Published 03/25/2022, 03:14 AM
Updated 03/25/2022, 05:06 AM
© Reuters. FILE PHOTO: Shoppers walk down Oxford Street, amid the coronavirus disease (COVID-19) outbreak in London, Britain, December 13, 2020. REUTERS/Simon Dawson

© Reuters. FILE PHOTO: Shoppers walk down Oxford Street, amid the coronavirus disease (COVID-19) outbreak in London, Britain, December 13, 2020. REUTERS/Simon Dawson

By William Schomberg

LONDON (Reuters) -Britons cut back on their shopping in February and consumer confidence levels tumbled this month as accelerating inflation cast a shadow over the world's fifth-biggest economy, data released on Friday showed.

Retail sales volumes unexpectedly fell by 0.3% in February from January. Economists polled by Reuters had on average forecast a 0.6% monthly rise.

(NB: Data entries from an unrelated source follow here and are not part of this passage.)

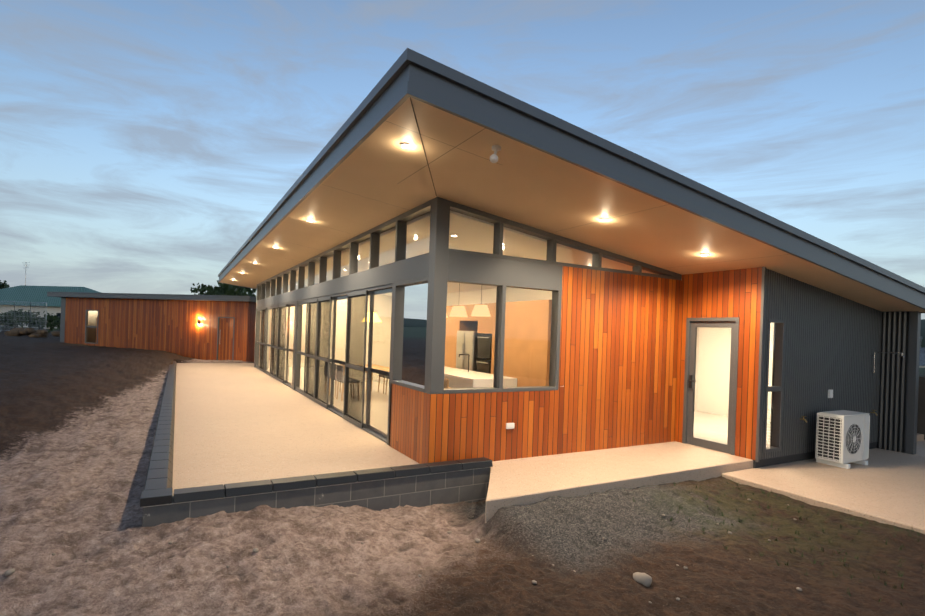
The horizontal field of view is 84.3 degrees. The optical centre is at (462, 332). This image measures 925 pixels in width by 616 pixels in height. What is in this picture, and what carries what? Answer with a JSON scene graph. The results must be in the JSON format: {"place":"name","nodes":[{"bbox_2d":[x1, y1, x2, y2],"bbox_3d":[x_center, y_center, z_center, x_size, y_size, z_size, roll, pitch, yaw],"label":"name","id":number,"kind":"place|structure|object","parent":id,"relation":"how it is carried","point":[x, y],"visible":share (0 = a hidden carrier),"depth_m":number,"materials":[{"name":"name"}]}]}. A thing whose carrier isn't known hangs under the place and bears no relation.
{"place":"outdoors","nodes":[
{"label":"outdoors","id":0,"kind":"place"},
{"bbox_2d":[444,378,450,388],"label":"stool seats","id":1,"kind":"object","parent":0,"point":[446,383],"depth_m":9.11,"materials":[{"name":"brown wood"}]},
{"bbox_2d":[0,327,924,615],"bbox_3d":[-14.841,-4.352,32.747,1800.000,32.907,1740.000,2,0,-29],"label":"ground","id":2,"kind":"structure","parent":0,"point":[78,423],"depth_m":4.77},
{"bbox_2d":[1,310,17,327],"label":"shrub leaves","id":3,"kind":"object","parent":2,"relation":"on","point":[7,320],"depth_m":40.03,"materials":[{"name":"green plant"}]},
{"bbox_2d":[0,312,23,326],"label":"shrub leaves","id":4,"kind":"object","parent":2,"relation":"on","point":[1,320],"depth_m":38.68,"materials":[{"name":"green plant"}]},
{"bbox_2d":[3,309,33,327],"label":"shrub leaves","id":5,"kind":"object","parent":2,"relation":"on","point":[17,320],"depth_m":38.30,"materials":[{"name":"green plant"}]},
{"bbox_2d":[0,301,46,331],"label":"fence","id":6,"kind":"object","parent":2,"relation":"on","point":[19,316],"visible":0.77,"depth_m":32.80,"materials":[{"name":"grey metal"}]},
{"bbox_2d":[0,305,60,328],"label":"neighbour walls","id":7,"kind":"structure","parent":2,"relation":"on","point":[52,309],"depth_m":49.63,"materials":[{"name":"grey"}]},
{"bbox_2d":[0,285,100,306],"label":"neighbour roof","id":8,"kind":"object","parent":7,"relation":"on","point":[21,294],"visible":0.33,"depth_m":52.54,"materials":[{"name":"teal metal"}]},
{"bbox_2d":[4,328,59,337],"bbox_3d":[-25.518,0.040,30.168,4.940,0.669,2.159,2,0,40],"label":"rock pile","id":9,"kind":"object","parent":2,"relation":"on","point":[31,332],"visible":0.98,"depth_m":29.66,"materials":[{"name":"brown stone"}]},
{"bbox_2d":[22,310,53,330],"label":"shrub leaves","id":10,"kind":"object","parent":2,"relation":"on","point":[42,327],"depth_m":40.66,"materials":[{"name":"green plant"}]},
{"bbox_2d":[28,313,60,331],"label":"shrub leaves","id":11,"kind":"object","parent":2,"relation":"on","point":[54,319],"depth_m":38.48,"materials":[{"name":"green plant"}]},
{"bbox_2d":[47,292,255,359],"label":"shed roof and trim","id":12,"kind":"structure","parent":2,"relation":"on","point":[88,314],"depth_m":24.97,"materials":[{"name":"grey metal"}]},
{"bbox_2d":[64,297,255,361],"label":"wood-clad wall","id":13,"kind":"structure","parent":2,"relation":"on","point":[172,326],"depth_m":24.73,"materials":[{"name":"brown wood"}]},
{"bbox_2d":[143,467,489,526],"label":"retaining blocks","id":14,"kind":"structure","parent":2,"relation":"on","point":[468,486],"depth_m":5.83,"materials":[{"name":"grey concrete"}]},
{"bbox_2d":[140,361,492,506],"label":"cap tiles","id":15,"kind":"object","parent":14,"relation":"on","point":[158,489],"visible":0.9,"depth_m":5.76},
{"bbox_2d":[146,467,488,506],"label":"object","id":16,"kind":"object","parent":14,"relation":"on","point":[297,489],"visible":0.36,"depth_m":5.42,"materials":[{"name":"grey concrete"}]},
{"bbox_2d":[4,499,801,603],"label":"stones","id":17,"kind":"object","parent":2,"relation":"on","point":[644,579],"visible":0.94,"depth_m":4.25,"materials":[{"name":"grey stone"}]},
{"bbox_2d":[172,363,923,522],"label":"slab","id":18,"kind":"structure","parent":2,"relation":"on","point":[240,422],"depth_m":7.40,"materials":[{"name":"beige concrete"}]},
{"bbox_2d":[267,367,769,446],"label":"interior floor","id":19,"kind":"structure","parent":18,"relation":"on","point":[723,436],"depth_m":11.08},
{"bbox_2d":[328,376,387,400],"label":"chairs","id":20,"kind":"object","parent":19,"relation":"on","point":[343,386],"depth_m":13.31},
{"bbox_2d":[329,363,388,382],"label":"chair seats","id":21,"kind":"object","parent":20,"relation":"on","point":[342,376],"depth_m":12.60,"materials":[{"name":"brown wood"}]},
{"bbox_2d":[340,364,389,399],"bbox_3d":[-2.439,1.288,13.434,1.000,0.760,2.200,2,0,-29],"label":"dining table","id":22,"kind":"object","parent":19,"relation":"on","point":[384,367],"depth_m":13.74,"materials":[{"name":"brown wood"}]},
{"bbox_2d":[444,376,471,387],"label":"kitchen island","id":23,"kind":"structure","parent":19,"relation":"on","point":[452,382],"depth_m":10.15,"materials":[{"name":"beige"}]},
{"bbox_2d":[444,366,516,387],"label":"kitchen island","id":24,"kind":"structure","parent":23,"relation":"on","point":[478,375],"depth_m":9.48,"materials":[{"name":"white"}]},
{"bbox_2d":[457,331,491,370],"bbox_3d":[0.333,0.855,12.680,0.680,1.780,0.840,2,0,-29],"label":"fridge","id":25,"kind":"object","parent":19,"relation":"on","point":[475,333],"depth_m":12.18,"materials":[{"name":"silver metal"}]},
{"bbox_2d":[456,333,472,370],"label":"fridge doors","id":26,"kind":"structure","parent":25,"relation":"attached to","point":[462,349],"depth_m":12.46,"materials":[{"name":"silver metal"}]},
{"bbox_2d":[445,300,551,386],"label":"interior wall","id":27,"kind":"structure","parent":19,"relation":"on","point":[488,327],"depth_m":10.66,"materials":[{"name":"paint"}]},
{"bbox_2d":[476,335,491,373],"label":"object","id":28,"kind":"structure","parent":27,"relation":"attached to","point":[485,346],"depth_m":11.82,"materials":[{"name":"black"}]},
{"bbox_2d":[267,287,773,422],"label":"interior walls","id":29,"kind":"structure","parent":19,"relation":"on","point":[537,294],"depth_m":12.71,"materials":[{"name":"beige paint"}]},
{"bbox_2d":[388,266,761,463],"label":"timber cladding","id":30,"kind":"structure","parent":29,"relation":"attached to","point":[622,358],"depth_m":7.85,"materials":[{"name":"orange wood"}]},
{"bbox_2d":[506,390,832,428],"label":"electrical outlets","id":31,"kind":"object","parent":30,"relation":"attached to","point":[512,425],"visible":1,"depth_m":7.14,"materials":[{"name":"white plastic"}]},
{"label":"rear walls","id":32,"kind":"object","parent":19,"relation":"on","visible":0},
{"bbox_2d":[276,210,681,295],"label":"ceiling","id":33,"kind":"structure","parent":32,"relation":"attached to","point":[454,242],"depth_m":8.41,"materials":[{"name":"white paint"}]},
{"bbox_2d":[367,312,380,321],"bbox_3d":[-2.380,-0.406,13.434,0.520,0.250,0.520,2,0,-29],"label":"pendant light","id":34,"kind":"object","parent":33,"relation":"hanging from","point":[374,316],"depth_m":13.30,"materials":[{"name":"white"}]},
{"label":"pendant cords","id":35,"kind":"object","parent":33,"relation":"hanging from","visible":0},
{"bbox_2d":[446,305,490,317],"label":"pendant lights","id":36,"kind":"object","parent":35,"relation":"hanging from","point":[479,310],"depth_m":10.03},
{"bbox_2d":[254,197,784,454],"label":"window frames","id":37,"kind":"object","parent":32,"relation":"attached to","point":[439,265],"depth_m":7.72,"materials":[{"name":"grey metal"}]},
{"bbox_2d":[260,294,365,423],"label":"fly screens","id":38,"kind":"object","parent":37,"relation":"attached to","point":[355,355],"visible":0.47,"depth_m":11.42,"materials":[{"name":"grey fabric"}]},
{"bbox_2d":[259,290,367,427],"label":"sliding door frames","id":39,"kind":"structure","parent":37,"relation":"attached to","point":[346,365],"depth_m":11.01,"materials":[{"name":"grey metal"}]},
{"bbox_2d":[257,209,779,447],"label":"glazing","id":40,"kind":"structure","parent":37,"relation":"in","point":[412,334],"depth_m":7.64,"materials":[{"name":"clear glass"}]},
{"bbox_2d":[688,375,695,387],"bbox_3d":[3.867,0.828,8.582,0.081,0.220,0.165,2,0,-29],"label":"door handle","id":41,"kind":"object","parent":37,"relation":"attached to","point":[690,380],"visible":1,"depth_m":8.63,"materials":[{"name":"metal"}]},
{"bbox_2d":[692,327,730,440],"bbox_3d":[4.071,0.825,8.350,0.001,2.140,0.940,2,0,-29],"label":"door glass","id":42,"kind":"object","parent":37,"relation":"attached to","point":[714,383],"visible":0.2,"depth_m":8.33,"materials":[{"name":"clear glass"}]},
{"bbox_2d":[218,48,924,312],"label":"roof fascia","id":43,"kind":"structure","parent":32,"relation":"on","point":[422,78],"depth_m":5.28,"materials":[{"name":"grey metal"}]},
{"bbox_2d":[410,97,436,195],"bbox_3d":[-0.377,-1.820,5.307,0.010,0.158,2.415,2,0,2],"label":"soffit joint","id":44,"kind":"object","parent":43,"relation":"attached to","point":[422,142],"visible":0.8,"depth_m":4.92,"materials":[{"name":"brown"}]},
{"bbox_2d":[256,143,708,263],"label":"recessed downlights","id":45,"kind":"object","parent":43,"relation":"attached to","point":[411,147],"visible":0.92,"depth_m":6.44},
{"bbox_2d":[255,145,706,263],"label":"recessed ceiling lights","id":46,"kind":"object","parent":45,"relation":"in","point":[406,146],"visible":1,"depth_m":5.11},
{"bbox_2d":[490,145,500,162],"bbox_3d":[0.304,-1.662,4.780,0.088,0.182,0.161,2,0,20],"label":"security sensor","id":47,"kind":"object","parent":43,"relation":"attached to","point":[494,158],"visible":1,"depth_m":4.77,"materials":[{"name":"white plastic"}]},
{"bbox_2d":[220,97,924,311],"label":"soffit","id":48,"kind":"structure","parent":32,"relation":"attached to","point":[379,175],"depth_m":6.47,"materials":[{"name":"beige paint"}]},
{"bbox_2d":[753,442,877,467],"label":"plinth","id":49,"kind":"structure","parent":18,"relation":"on","point":[786,459],"depth_m":8.06,"materials":[{"name":"grey concrete"}]},
{"bbox_2d":[760,268,881,459],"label":"exterior wall","id":50,"kind":"structure","parent":18,"relation":"on","point":[832,341],"depth_m":8.40,"materials":[{"name":"grey metal"}]},
{"bbox_2d":[800,410,876,422],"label":"garden taps","id":51,"kind":"object","parent":50,"relation":"attached to","point":[806,420],"visible":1,"depth_m":8.17,"materials":[{"name":"gold metal"}]},
{"bbox_2d":[870,352,904,372],"bbox_3d":[7.561,0.541,9.083,0.110,0.391,0.504,2,0,-29],"label":"pipe","id":52,"kind":"object","parent":50,"relation":"attached to","point":[873,369],"visible":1,"depth_m":9.24,"materials":[{"name":"silver metal"}]},
{"bbox_2d":[632,479,924,605],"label":"grass tufts","id":53,"kind":"object","parent":2,"relation":"on","point":[843,560],"visible":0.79,"depth_m":5.34,"materials":[{"name":"green"}]},
{"bbox_2d":[722,440,924,533],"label":"slab","id":54,"kind":"structure","parent":2,"relation":"on","point":[884,486],"depth_m":6.92,"materials":[{"name":"beige concrete"}]},
{"bbox_2d":[755,267,920,461],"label":"corner trim","id":55,"kind":"structure","parent":54,"relation":"on","point":[913,381],"depth_m":9.03,"materials":[{"name":"grey metal"}]},
{"bbox_2d":[816,459,867,468],"bbox_3d":[6.043,2.050,8.138,0.640,0.070,0.450,2,0,-29],"label":"air conditioner feet","id":56,"kind":"object","parent":54,"relation":"on","point":[847,465],"visible":0.5,"depth_m":8.03,"materials":[{"name":"white plastic"}]},
{"bbox_2d":[815,410,869,463],"bbox_3d":[6.055,1.644,8.141,0.800,0.742,0.402,2,0,-29],"label":"air conditioner casing","id":57,"kind":"object","parent":54,"relation":"on","point":[860,419],"visible":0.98,"depth_m":8.02,"materials":[{"name":"white metal"}]},
{"bbox_2d":[817,416,860,460],"bbox_3d":[5.937,1.646,7.932,0.658,0.650,0.275,2,0,4],"label":"ac fan cavity","id":58,"kind":"object","parent":57,"relation":"in","point":[853,451],"visible":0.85,"depth_m":7.93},
{"bbox_2d":[816,415,861,460],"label":"ac grilles","id":59,"kind":"object","parent":57,"relation":"attached to","point":[854,441],"visible":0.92,"depth_m":7.94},
{"bbox_2d":[917,376,924,439],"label":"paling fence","id":60,"kind":"object","parent":2,"relation":"on","point":[921,413],"depth_m":10.66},
{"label":"tree trunk","id":61,"kind":"object","parent":2,"relation":"on","visible":0},
{"bbox_2d":[214,281,255,296],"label":"tree leaves","id":62,"kind":"object","parent":61,"relation":"on","point":[233,290],"visible":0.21,"depth_m":69.27,"materials":[{"name":"green plant"}]},
{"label":"tree trunk","id":63,"kind":"object","parent":2,"relation":"on","visible":0},
{"bbox_2d":[190,283,226,294],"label":"tree leaves","id":64,"kind":"object","parent":63,"relation":"on","point":[209,289],"visible":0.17,"depth_m":78.03,"materials":[{"name":"green plant"}]},
{"bbox_2d":[0,0,924,318],"label":"sky","id":65,"kind":"structure","parent":0,"point":[143,143],"materials":[{"name":"blue"}]},
{"bbox_2d":[878,311,909,452],"bbox_3d":[7.884,0.968,9.319,0.100,2.721,0.420,2,0,-29],"label":"slatted screen","id":66,"kind":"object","parent":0,"point":[893,391],"depth_m":9.29,"materials":[{"name":"black metal"}]},
{"bbox_2d":[919,353,924,365],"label":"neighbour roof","id":67,"kind":"object","parent":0,"point":[922,360],"depth_m":70.53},
{"bbox_2d":[920,319,924,347],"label":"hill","id":68,"kind":"structure","parent":0,"point":[922,337],"depth_m":289.99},
{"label":"tree trunk","id":69,"kind":"object","parent":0,"visible":0},
{"bbox_2d":[0,280,9,288],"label":"tree","id":70,"kind":"object","parent":69,"relation":"attached to","point":[4,285],"visible":0.54,"depth_m":79.72,"materials":[{"name":"green plant"}]}
]}

Excluding automotive fuel, which rose in price in February as tensions between Russia and Ukraine escalated, sales volumes fell by a sharper 0.7%.

Some of the fall was linked by the Office for National Statistics to stormy weather which kept some shoppers at home while the fading of the Omicron COVID-19 meant people returned to pubs and restaurants at expense of grocery retailers.

But rising prices meant the amount of money spent on food shopping rose, even as volumes fell.

Analysts said the data - combined with a drop in polling firm GfK's measure of consumer confidence in March to levels last seen in November 2020 - was a taste of things to come as inflation climbs higher.

GfK's gauge of personal finances for the coming year slumped to a joint record low, matched only by the reading in July 2008 when the global financial crisis was reaching a climax.

Inflation hit a 30-year high of 6.2% in February and the government's budget watchdog this week forecast it will go close to 9% in late 2022, contributing to the biggest fall in living standards since at least the 1950s.

"Against that backdrop, it seems all but inevitable that households will continue to pare back spending in the coming month," Bethany Beckett, an economist with Capital Economics, said.

Finance minister Rishi Sunak announced tax cuts this week that he said would help to ease the squeeze on households, but analysts said his plan did little to help those on lowest incomes.

There were some bright spots for retailers.

The easing of the coronavirus crisis, and the subsequent increase in people socialising and returning to workplaces, led to a 13% leap in clothing sales in February from January.

The share of online sales in value terms was its lowest since March 2020 at 27.8% but overall sales were 3.7% above their pre-coronavirus levels of February 2020.

© Reuters. FILE PHOTO: Shoppers walk down Oxford Street, amid the coronavirus disease (COVID-19) outbreak in London, Britain, December 13, 2020. REUTERS/Simon Dawson

Volumes of fuel bought surpassed their pre-pandemic levels for the first time, although the amount of money spent on fuel grew more quickly, reflecting the higher prices.

Compared with a year earlier, overall sales volumes were up by 7.0%, short of the 7.8% growth expected in the Reuters poll.